Crystal Castles Alice Glass causes trouble

02. Alice Glass

"My make-up routine involves putting a bunch of black stuff on my eyes."
Alice is like the cutest little boy I have ever seen. Jokes! She's a girl! She has boobs, look! But truth be told, girls who looks like pubescent girls are so hot right now, I think. More than that, she has so much attitude in her tiny body that inviting her into your home would just cause a lot of trouble for everyone involved. She ran away from home to live in a squat when she was just 14 with no money or direction, a total wreckhead, who is now credited as one of the pioneers of modern day synthpunk. Did I tell you that she poured Jack Daniels into my mouth? Yeah, she did.



Mila Kunis is the cure for heartbreak

01. Mila Kunis

"I am stubborn, and I admit it, so it`s OK."
This is it: the reason I wrote this blog in the first place. All the other girls were merely pedestals stacked on top of each other to raise Mila as high up as I could.
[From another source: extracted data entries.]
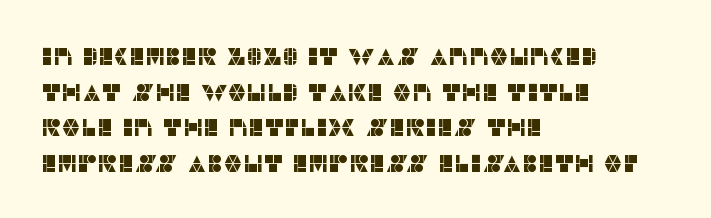
The lettering holds an erect, upright posture throughout. Inter-character spacing is left at the font's built-in metrics. The glyphs are unaccompanied by any horizontal stroke below them. Horizontal alignment here is leftward, the default for most running prose. Is there much room between lines? A standard amount, neither cramped nor airy.
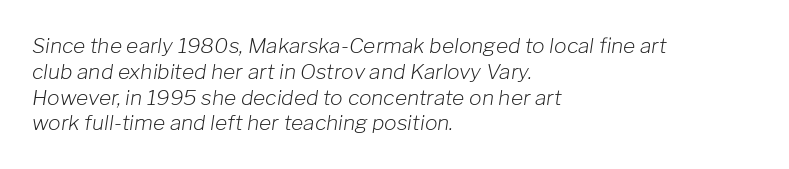
Q: Is the text bold? A: No.
Q: Is the text italic (slanted)? A: Yes, it leans right by about 8 degrees.
Q: Is the text underlined? A: No.
Q: How is the paragraph aligned? A: Left-aligned.
Q: Is the spacing between letters normal or unusually wide? A: Normal.
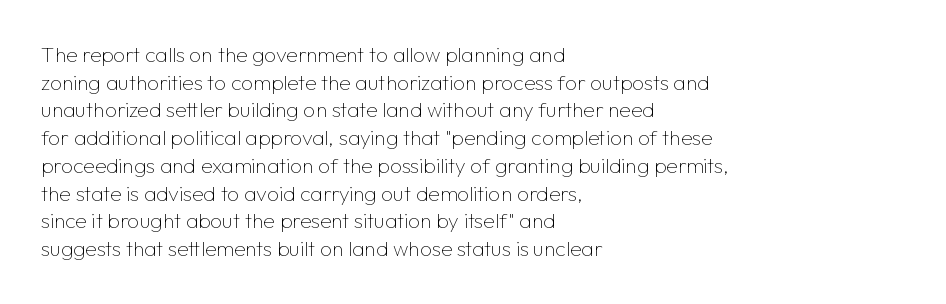
{"italic": "no", "bold": "no", "underline": "no", "align": "left", "line_spacing": "normal", "line_spacing_ratio": 1.32, "letter_spacing": "normal", "letter_spacing_em": 0.0, "glyph_px": 21}
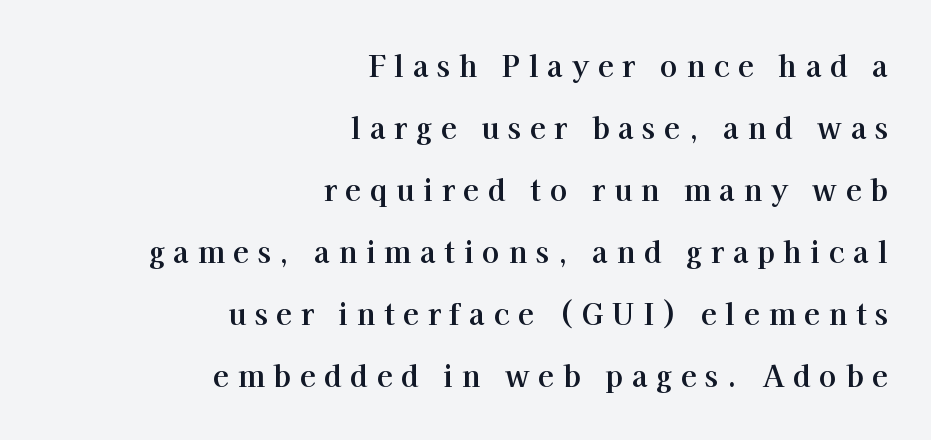
Q: Is the text bold? A: Yes.
Q: Is the text italic (slanted)? A: No, it is upright.
Q: Is the typeface a serif or a sans-serif typeface? A: Serif.
Q: Is the text underlined? A: No.
Q: How is the paragraph aligned? A: Right-aligned.
Q: Is the spacing between letters normal or unusually wide? A: Unusually wide.
Q: Is the spacing between lines tight, normal or loose? A: Loose.
Q: Width (condensed, normal, or wide)? A: Normal.
Q: Stroke contrast? A: High.
Q: x-height? A: Medium.
Q: Monospaced? A: No.
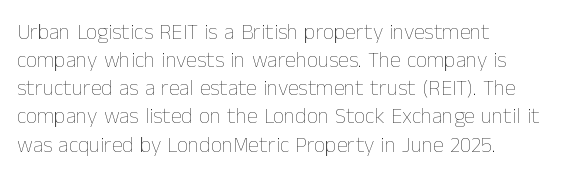
Q: Is the text bold? A: No.
Q: Is the text italic (slanted)? A: No, it is upright.
Q: Is the text underlined? A: No.
Q: How is the paragraph aligned? A: Left-aligned.
Q: Is the spacing between letters normal or unusually wide? A: Normal.
Q: Is the spacing between lines tight, normal or loose? A: Normal.
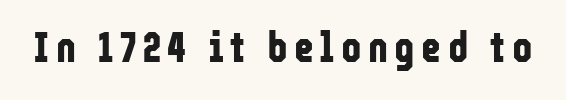
The typography opts for an upright posture over an oblique one. Thick stems and heavy bowls — unmistakably bold. Proportional: the letters do not fall into vertical columns. The passage shown is not underscored anywhere. Examine the stroke ends and you'll find no serifs.
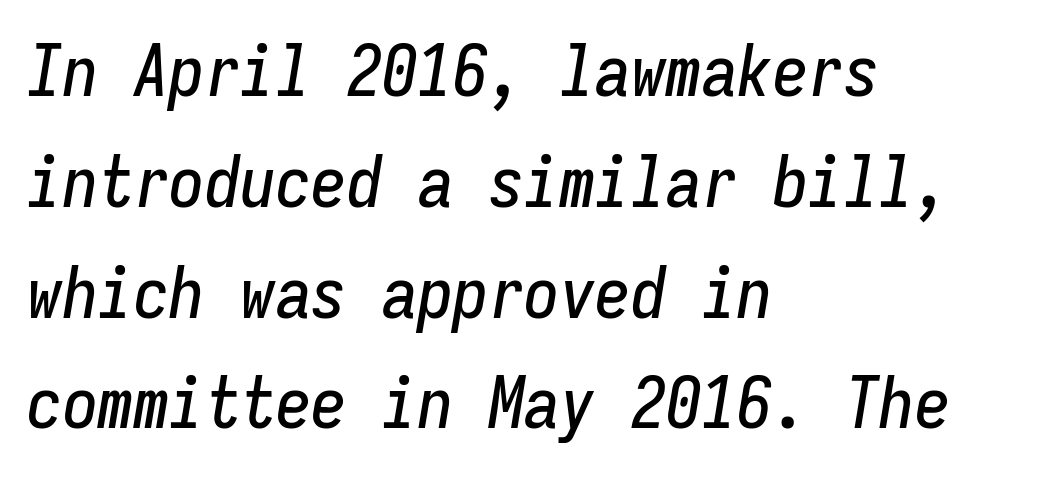
The image shows 71 px condensed type, italic (leaning right), monospaced; set left-aligned, normal line spacing (1.56x), normal letter spacing, not underlined; low stroke contrast and a medium x-height.

And now that we're up here, I can't help but hit a mental block. I just don't have the words to properly describe something this perfect. I guess more than anything, she is actually very sweet, quite different from her Jackie character in That 70's Show. Just watch a few interviews and you will be shocked to realise that she is not only the type of girl you would sleep with, but also the type of girl you would want to talk to afterwards. I'd even fuck Meg Griffin because of her. And if you've seen Getting Over Sarah Marshall, the message should be clear: Mila Kunis is the only known cure for heartbreak. Fact. So obvious now that you know, right? Congratulations Mila, a completely unknown mid-20's blogger just recognized your ultimateness, you're so lucky.


Honourable Mentions
These were the 40 girls that either nearly made the list or were suggested to me by other people.
Adrianna Lima
Agyness Deyn
Aishwarya Rai
Alessandra Ambrosio
Alicia Silverstone
Angelina Jolie
Brigitte Bardot
Brody Dalle
Carlo Gugino
Charlize Theron
Cheryl Cole
Christina Ricci
Cindy Crawford
Dita Von Teese
Edie Sedgwick
Esther Baxter
Eva Spence
Gwen Stefani
Kate Beckinsale
Kate Hudson
Kate Moss
Kristin Kreuk
Lucy Liu
Lily Cole
Megan Fox
Mena Savari
Milla Jovovich
Monica Bellucci
Naomi Watts
Natalia Vodianova
Nico
Pilar Rubio
Rachel McAdams
Rihanna
Sarah Michelle Gellar
Scarlett Johansen
Shirley Manson
Sofia Vergara
Stevie Nicks
Zooey Deschanel


Conclusion
I will admit, this entire blog is a lie. The hottest girls ever are, in all honesty, girls I know in real life. Maybe one day I'll make a Top 20 Hottest Facebook Friends or something, although that sounds like much more trouble than it's worth. However, it is a common fact that personality is what really matters when it comes to real attraction, and also, lol. This was by far my dumbest blog ever.